Moment privilégié entre enfants et parents, l'heure du conte renforce leur liens tout en favorisant la réussite scolaire.
"Je n'aurais jamais imaginé qu'une bibliothèque publique puisse faire ça !" s'exclame Rebecca Sanchez en sortant de l'une des bibliothèques publiques de Brooklyn, à New York aux Etats-Unis. Cela faisait onze mois que ses deux enfants, âgés de moins de trois ans, n'avaient pas vu leur père, incarcéré à la prison de Rikers Island, à quelques kilomètres de là.
Interdite de visites "en personne", la famille a malgré tout pu partager un long moment par le biais de la vidéoconférence, dans une pièce spécialement aménagée de la bibliothèque, remplie de jouets et de livres. C'est l'objet du programme Telestory, lancé il y a deux ans dans quatre antennes de la Brooklyn Public Library.
Lire des livres ensemble
Les modalités du programme sont simples : la bibliothèque et la prison disposent d'une même collection de livres pour enfants. Un rendez-vous est pris au préalable entre le parent incarcéré et une bibliothécaire. A l'heure dite, l'enfant se rend à la bibliothèque où une liaison vidéo est établie. L'enfant ou le parent choisit ensuite un livre que chacun peut lire, feuilleter et commenter conjointement.
Bien sûr, les enfants ne peuvent pas toucher leur père lors de ces vidéoconférences, mais ils lui chantent des chansons et lisent des livres ensemble.
"Ce moment m'a semblé bien plus normal qu'une visite au sein de la prison", poursuit la mère de famille.
Répondre aux besoins d'information du 21e siècle
Lauréate du Knight News Challenge for Library, la BPL a reçu cet été près de 400 000 dollars de la part de la Knight Foundation afin de développer ce service dans huit antennes supplémentaires. Car selon la fondation, la BPL et son programme Telestory, répondaient correctement au défi posé par le challenge : "Comment les bibliothèques pourraient répondre aux besoins d'information du 21e siècle ?".
"Notre programme permet aux membres d'une même famille de partager un moment de lecture ensemble, explique Nick Higgins, directeur des services de proximité de la BPL ; à partir du moment où l'un d'entre eux est en prison, celui-ci devient en quelque sorte hors de la vue et de l'esprit, marginalisé. Si nous pouvons les aider à réintégrer la communauté de manière "publique" et accueillante, je pense que nous avons raison de le faire. Si la mission première des bibliothèques est d'être aussi accessibles et inclusives que possible pour l'ensemble de nos communautés, j'estime que nous sommes en phase avec notre mission".
Alphabétisation
Et Telestory n'est pas le premier programme dédié aux familles de détenus et aux personnes emprisonnées.

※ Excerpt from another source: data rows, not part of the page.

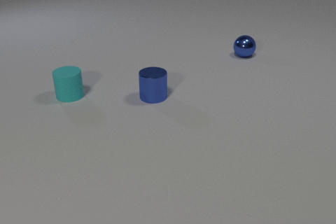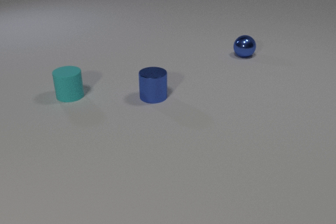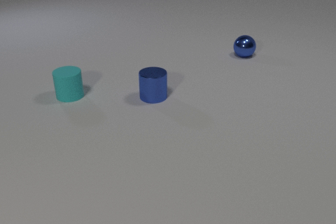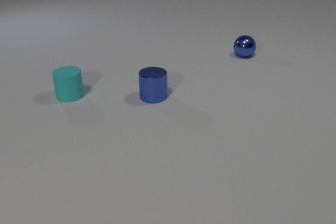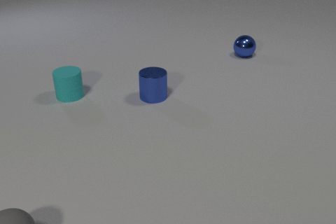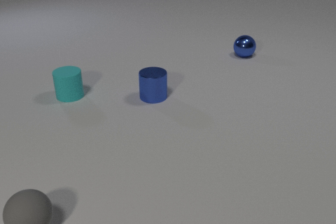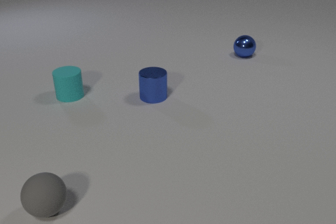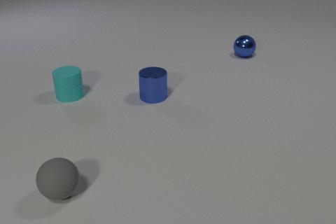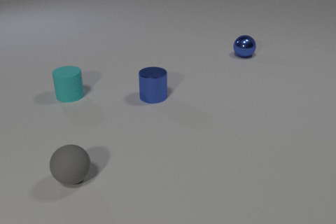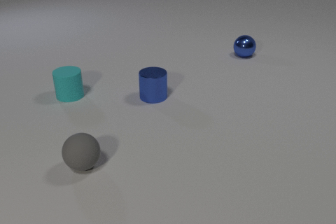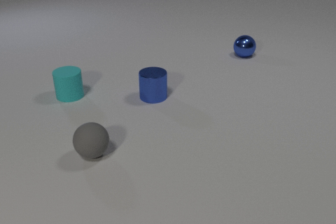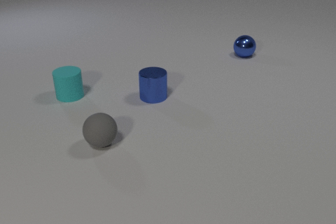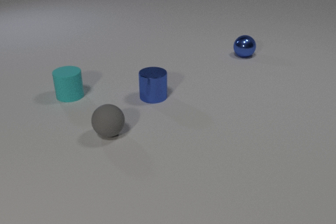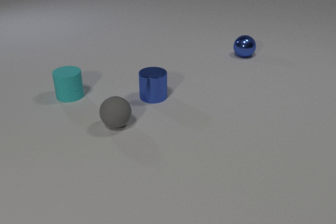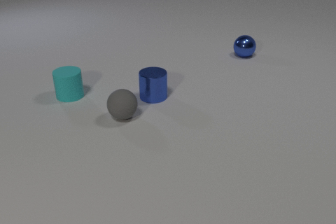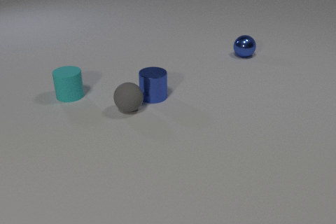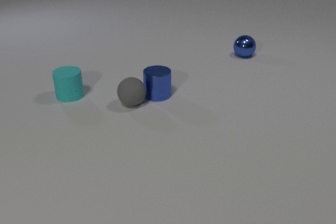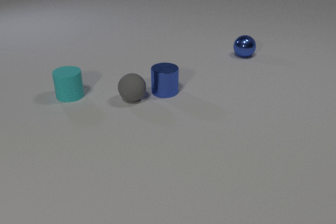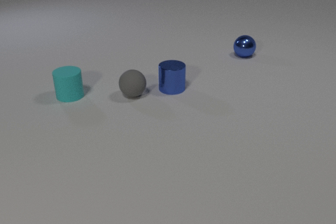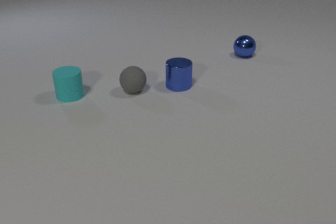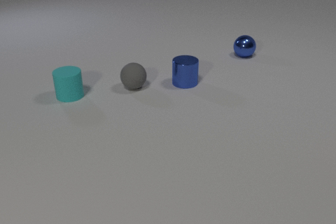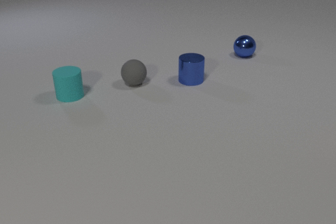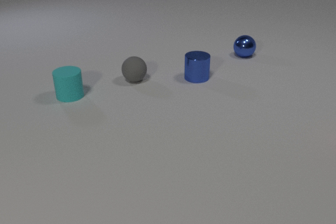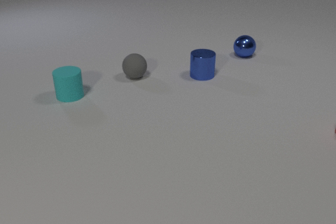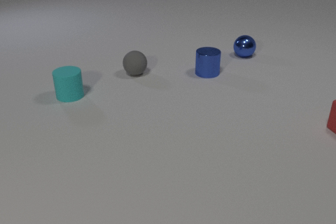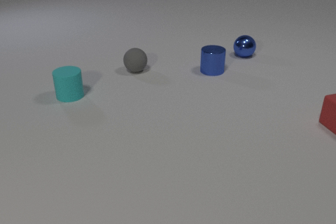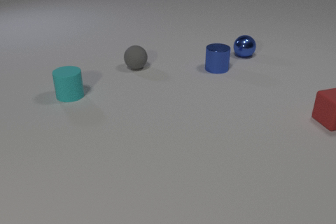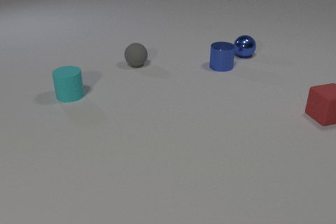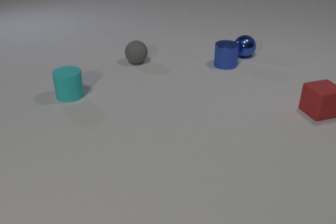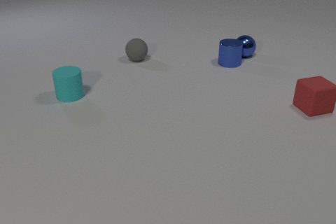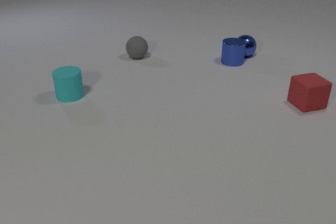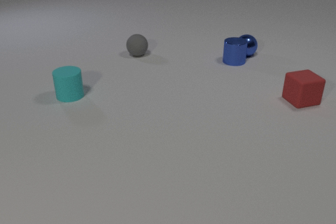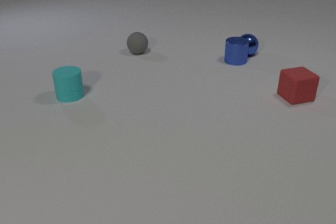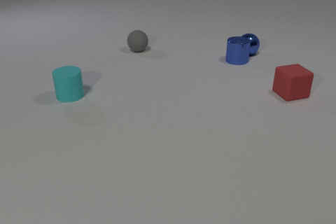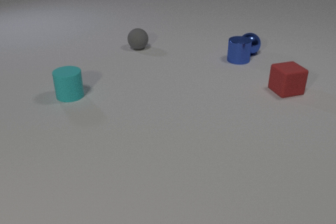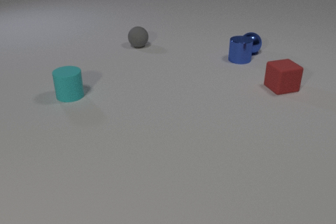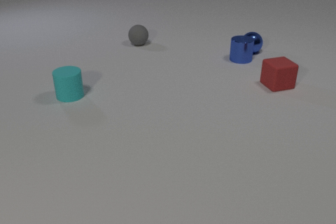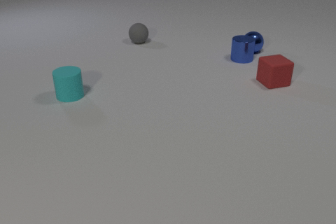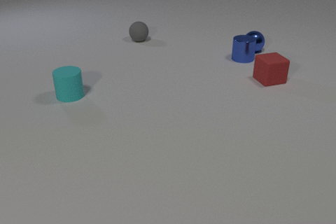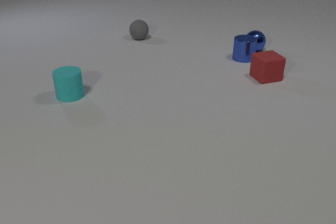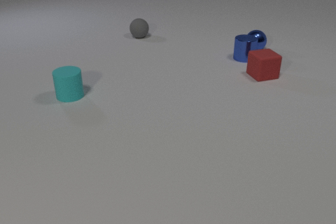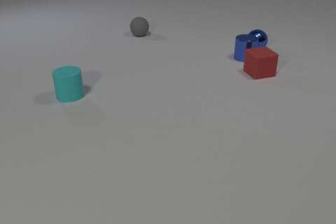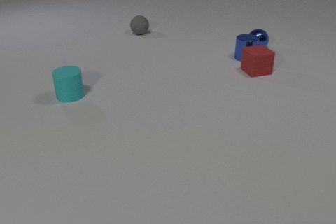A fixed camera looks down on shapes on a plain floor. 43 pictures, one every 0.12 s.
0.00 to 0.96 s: The gray rubber sphere comes in at the bottom edge, rolls away from the camera and to the right.
0.96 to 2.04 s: The gray rubber sphere rolls away from the camera and to the right. The blue metal cylinder slides to the right and away from the camera. The gray rubber sphere and the blue metal cylinder collide.
2.04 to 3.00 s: The gray rubber sphere rolls away from the camera. The blue metal cylinder slides away from the camera and to the right. The red rubber cube comes in at the right edge, slides to the left and away from the camera.
3.00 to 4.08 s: The gray rubber sphere rolls away from the camera. The blue metal cylinder slides away from the camera and to the right. The blue metal sphere rolls away from the camera and to the right. The red rubber cube slides away from the camera and to the left. The blue metal cylinder and the blue metal sphere collide.
4.08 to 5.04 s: The gray rubber sphere rolls away from the camera. The blue metal cylinder slides away from the camera and to the right. The blue metal sphere rolls away from the camera and to the right. The red rubber cube slides away from the camera and to the left.
What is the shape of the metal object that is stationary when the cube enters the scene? sphere.
How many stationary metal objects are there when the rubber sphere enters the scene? 2.
What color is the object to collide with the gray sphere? blue.

En plus d'un club de lecture dédié à la science-fiction organisé chaque semaine avec les détenus de la prison de Rikers Island, le personnel de la BPL a également lancé un programme d'alphabétisation pour les parents incarcérés baptisé "Daddy and me" (Papa et moi). Durant quatre semaines, les parents apprennent à leurs jeunes enfants à lire et à écrire, leur montrent comment se construit un récit et participent à l'enrichissement de leur vocabulaire. Choisissant des livres adaptés à l'âge de leur enfant, ils ont également la possibilité de s'enregistrer en leur faisant la lecture. Le dernier jour, les enfants reçoivent ces enregistrements ainsi que des livres et leur propre carte de bibliothèque.
Des millions de familles concernées, rien qu'aux Etats-Unis
Depuis deux ans, Telestory a "relié" environ 150 familles de multiples fois, pendant une heure, à raison de quatre ou cinq de famille par semaine, gratuitement.
Selon les responsables de la protection de l'enfance de l'Etat de New York, environ 105 000 enfants de l'Etat ont un parent en prison. En avril 2016, un rapport publié par la fondation Annie E. Casey estime que près de 5 millions de jeunes américains de moins de 18 ans ont une mère ou un père incarcéré.